Climat des affaires délétère: l’équipementier Belge ESN Sarl ferme à son tour boutique

Plus rien ne va pour les entreprises étrangères au Niger. La liste de celles qui déposent le bilan s’allonge. Après la retentissante fermeture de la Braniger du groupe français Castel, le dépôt de bilan du néerlando-britannique Unilever et les rumeurs de cession de l’opérateur téléphonique Orange Niger, c’est au tour de la filiale du groupe belge BIA, d’annoncer sa fermeture prochaine.  

L’entreprise belge Equipements & Services Niamey (ESN S.a.r.l), filiale de BIA Group ; n’opèrera plus à partir du Niger. Installée depuis 2009 dans le pays, elle est spécialisée dans la fourniture d’engins miniers, de pièces de rechange et de groupes électrogènes. Une note interne datée du 10 juillet dernier et signée de la Direction Générale, confirme l’information et la justifie par « l’environnement économique difficile auquel elle est confrontée, comme beaucoup d’autres entreprises au Niger », et « ses résultats en 2018 ainsi que ses prévisions sur 2019, qui ne sont pas en ligne avec ses objectifs budgétaires ». Pour ne rien arranger explique ESN Sarl, « certains secteurs économiques, clients traditionnels de ses équipements, sont également en veille ou en réduction d’activité ».  

Le courrier adressé à ses partenaires et fournisseurs, informe que désormais c’est la filiale de BIA Group à Ouagadougou au Burkina-Faso, qui apportera un support technique à ses opérations au Niger.

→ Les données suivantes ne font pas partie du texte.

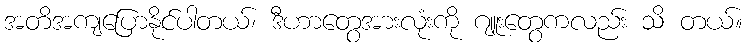
အတိအကျပြောနိုင်ပါတယ်၊ ဒီဟာတွေအားလုံးကို ဂျူးတွေကလည်း သိ တယ်။
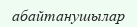
абайтанушылар
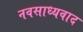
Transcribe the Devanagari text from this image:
नवसाध्यवाद
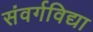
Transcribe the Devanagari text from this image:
संवर्गविद्या
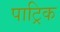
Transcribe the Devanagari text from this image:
पाट्रिक
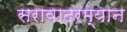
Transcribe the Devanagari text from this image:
सरावादरम्यान
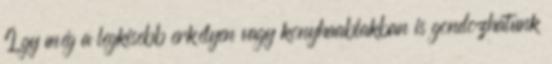
Így még a legkisebb erkélyen vagy konyhaablakban is gondozhatunk
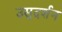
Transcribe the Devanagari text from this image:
उसुदर्शन
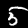
Digit: 5
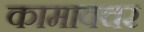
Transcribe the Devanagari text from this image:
कामावचर
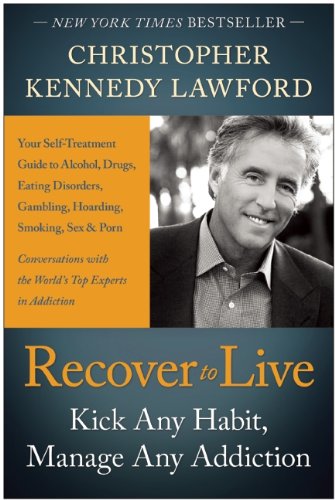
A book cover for Recover to Live: Kick Any Habit, Manage Any Addiction: Your Self-Treatment Guide to Alcohol, Drugs, Eating Disorders, Gambling, Hoarding, Smoking, Sex and Porn; Christopher Kennedy Lawford; Health, Fitness & Dieting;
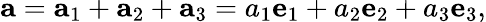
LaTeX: \mathbf{a}=\mathbf{a}_{1}+\mathbf{a}_{2}+\mathbf{a}_{3}=a_{1}{\mathbf{e}}_{1}+a_{2}{\mathbf{e}}_{2}+a_{3}{\mathbf{e}}_{3},
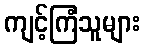
ကျင့်ကြံသူများ
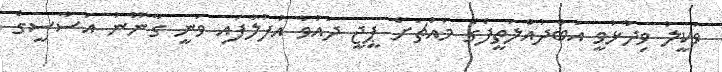
ވަކީލު ވިދާޅުވީ އަބްދުއްލަތީފްގެ މައްޗަށް ޕީޖީ ދައުވާ އުފުލާފައި ވަނީ ގާނޫނު އަސާސީގެ
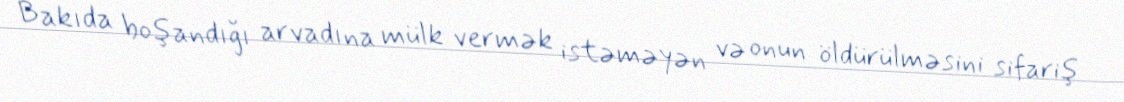
Bakıda boşandığı arvadına mülk vermək istəməyən və onun öldürülməsini sifariş
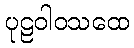
ပုဠဝါဝသထေ
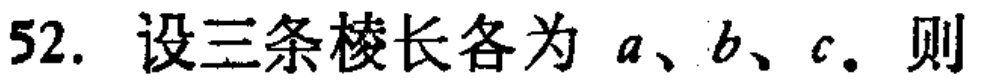
52. 设三条棱长各为 \(a、b、c\)。则
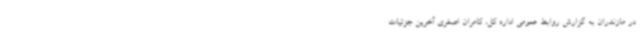
در مازندران به گزارش روابط عمومی اداره کل، کامران اصغری آخرین جزئیات
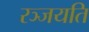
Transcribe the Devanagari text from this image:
रञ्जयति
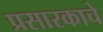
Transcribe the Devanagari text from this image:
प्रसारकाचे
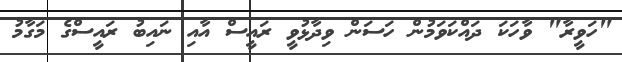
"ހަވީރާ" ވާހަކަ ދައްކަވަމުން ހަސަން ވިދާޅުވީ ރައީސް އާއި ނައިބު ރައީސްގެ މަގާމު
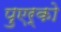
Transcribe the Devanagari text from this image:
पुएर्को
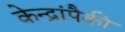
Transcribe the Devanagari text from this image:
केन्द्रांपैकी
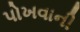
પોખવાની
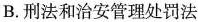
B.刑法和治安管理处罚法
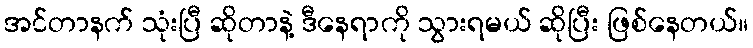
အင်တာနက် သုံးပြီ ဆိုတာနဲ့ ဒီနေရာကို သွားရမယ် ဆိုပြီး ဖြစ်နေတယ်။
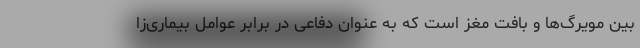
بین مویرگ‌ها و بافت مغز است که به عنوان دفاعی در برابر عوامل بیماری‌زا
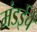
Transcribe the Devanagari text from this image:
मंडईचे
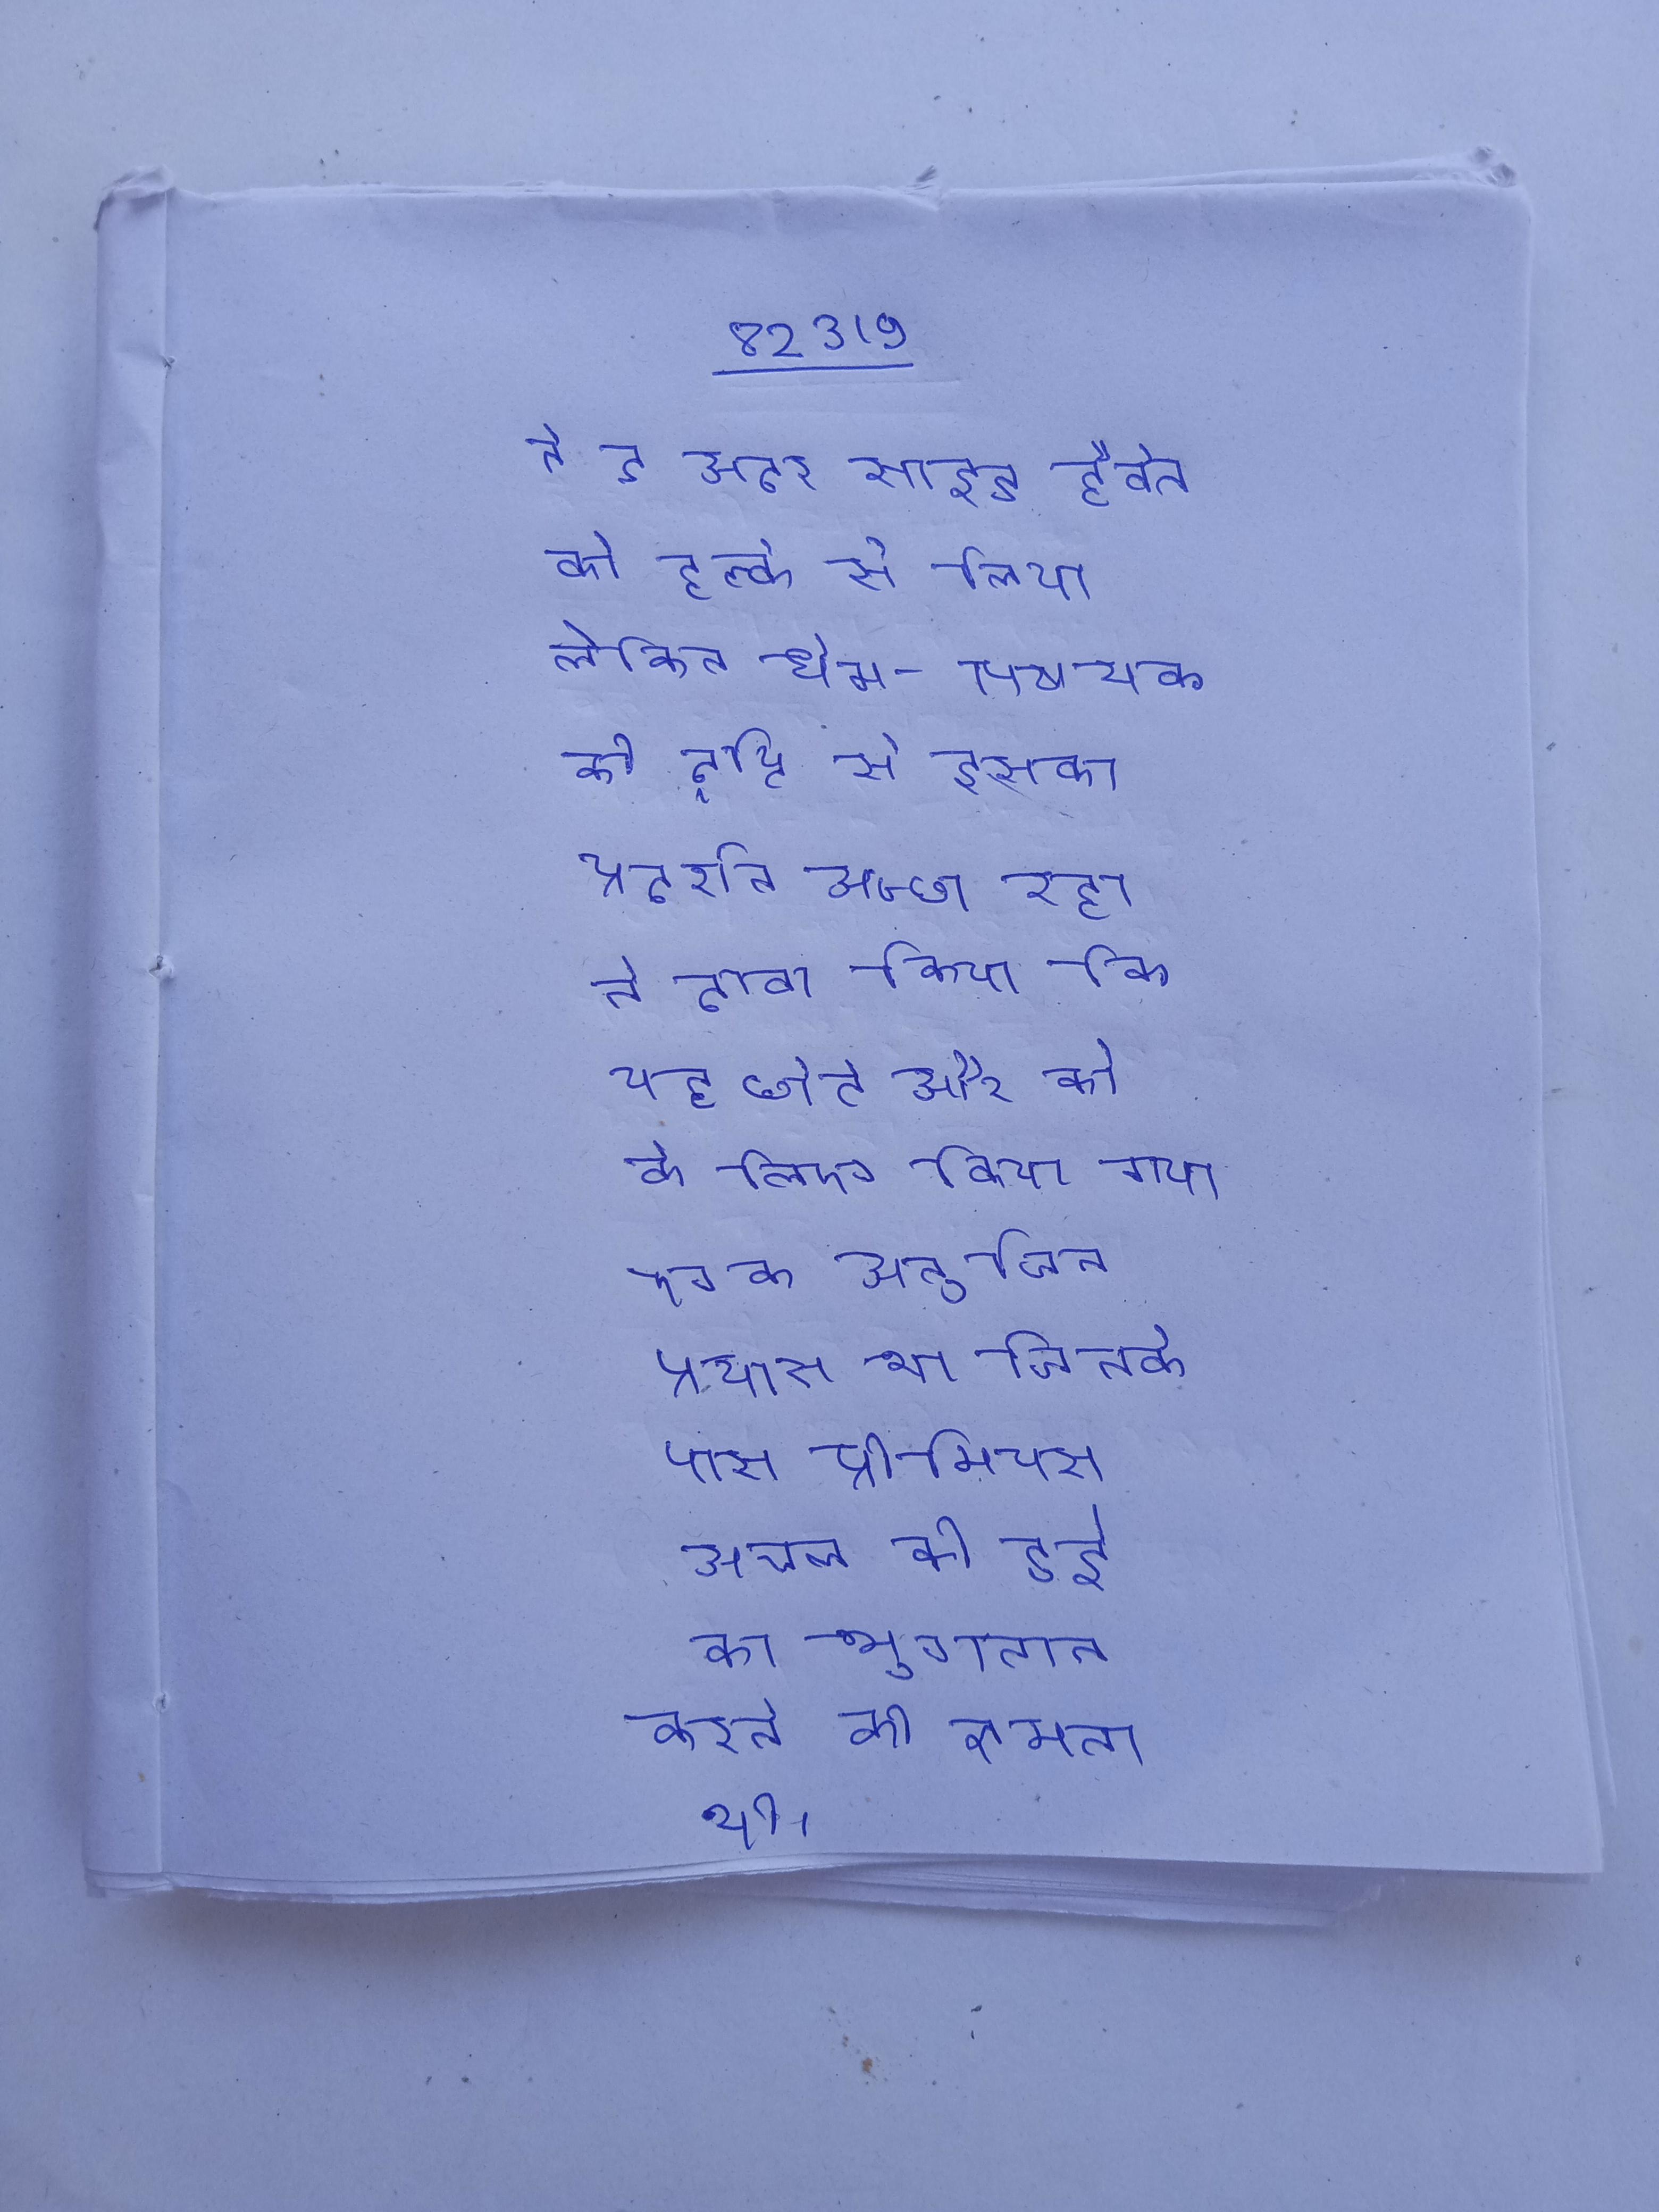
ने द अदर साइड हेवेन को हल्के से लिया, लेकिन धर्म-विषयक की दृष्टि से इसका प्रदर्शन अच्छा रहा । ने दावा किया कि यह छोटे और को के लिए किया गया एक अनुचित प्रयास था जिनके पास प्रीमियम अचल की हुई का भुगतान करने की क्षमता थी ।

Ce nouveau dépôt de bilan d’une entreprise étrangère, intervient alors même que les autorités nigériennes s’étaient engagées à améliorer considérablement le climat des affaires en vue d’attirer de nouveaux investisseurs. En effet le rapport Doing Business 2019 de la Banque Mondiale, rendu public le 31 octobre 2018, classait le Niger à la 143ème place sur les 190 meilleures économies dans le monde. Un gain d’une place qui pourtant n’avait pas été du goût du pouvoir de Niamey. En avril dernier au sortir d’une réunion du dispositif de suivi et de mise en œuvre de la politique d’amélioration du climat des affaires au Niger, le ministre-conseiller spécial du président de la République en matière du climat des affaires, Alma Oumarou, avait estimé que « le Niger n’est pas jugé sur ses performances réelles ».

M. Oumarou a annoncé dans la foulée que de nombreuses mesures étaient en cours d’application avec pour ambition de faire grimper le Niger dans le top 50 des pays les plus réformateurs. Pour l’heure, on est bien loin de l’atteinte de cet objectif et les départs successifs d’entreprises étrangères, ne vont pas rassurés de nouveaux investisseurs.

Waliyullah Tajudeen pour Niameyinfo.